Note: Here we set the random_state to zero so that the result in our program and yours remain the same.

Well, we have come to the final part of the algorithm. Let's create a variable to predict the result.

# Predicting the output 
y_pred = classifier.predict(X_test)

Now, we will see how good our model is to predict the values. Let's evaluate our model using the confusion matrix.

# Building the Confusion Matrix 
from sklearn.metrics import confusion_matrix
cm = confusion_matrix(y_test, y_pred)

                                                         20_5_Logistic_Regression_Confusion_Matrix

Here the output shows us that the model predicted 73(65+8) correct and 27(3+24) incorrect values. So the accuracy of the model is 73%, pretty impressive!

Now we will visualize the result of our model.

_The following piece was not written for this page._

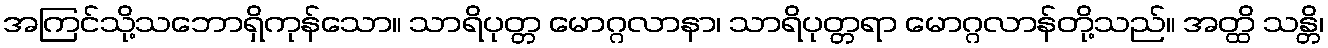
အကြင်သို့သဘောရှိကုန်သော။ သာရိပုတ္တ မောဂ္ဂလာနာ၊ သာရိပုတ္တရာ မောဂ္ဂလာန်တို့သည်။ အတ္ထိ သန္တိ၊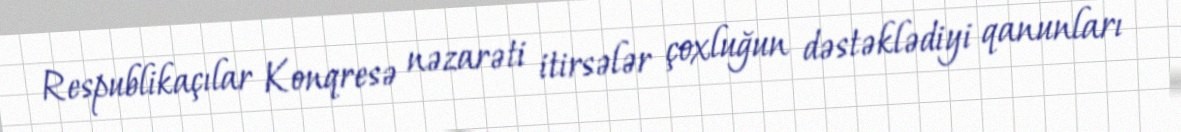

# Visualising the Test set results
from matplotlib.colors import ListedColormap
X_set, y_set = X_test, y_test
X1, X2 = np.meshgrid(np.arange(start = X_set[:, 0].min() - 1, stop = X_set[:, 0].max() + 1, step = 0.01),
                     np.arange(start = X_set[:, 1].min() - 1, stop = X_set[:, 1].max() + 1, step = 0.01))
plt.contourf(X1, X2, classifier.predict(np.array([X1.ravel(), X2.ravel()]).T).reshape(X1.shape),
             alpha = 0.75, cmap = ListedColormap(('red', 'green')))
plt.xlim(X1.min(), X1.max())
plt.ylim(X2.min(), X2.max())
for i, j in enumerate(np.unique(y_set)):
    plt.scatter(X_set[y_set == j, 0], X_set[y_set == j, 1],
                c = ListedColormap(('red', 'green'))(i), label = j)
plt.title('Logistic Regression (Test set)')
plt.xlabel('Age')
plt.ylabel('Estimated Salary')
plt.legend()
plt.show()

                                                      21_log_6

Here the graph shows us the classification of purchasing a car or not based on various Age and EstimatedSalary.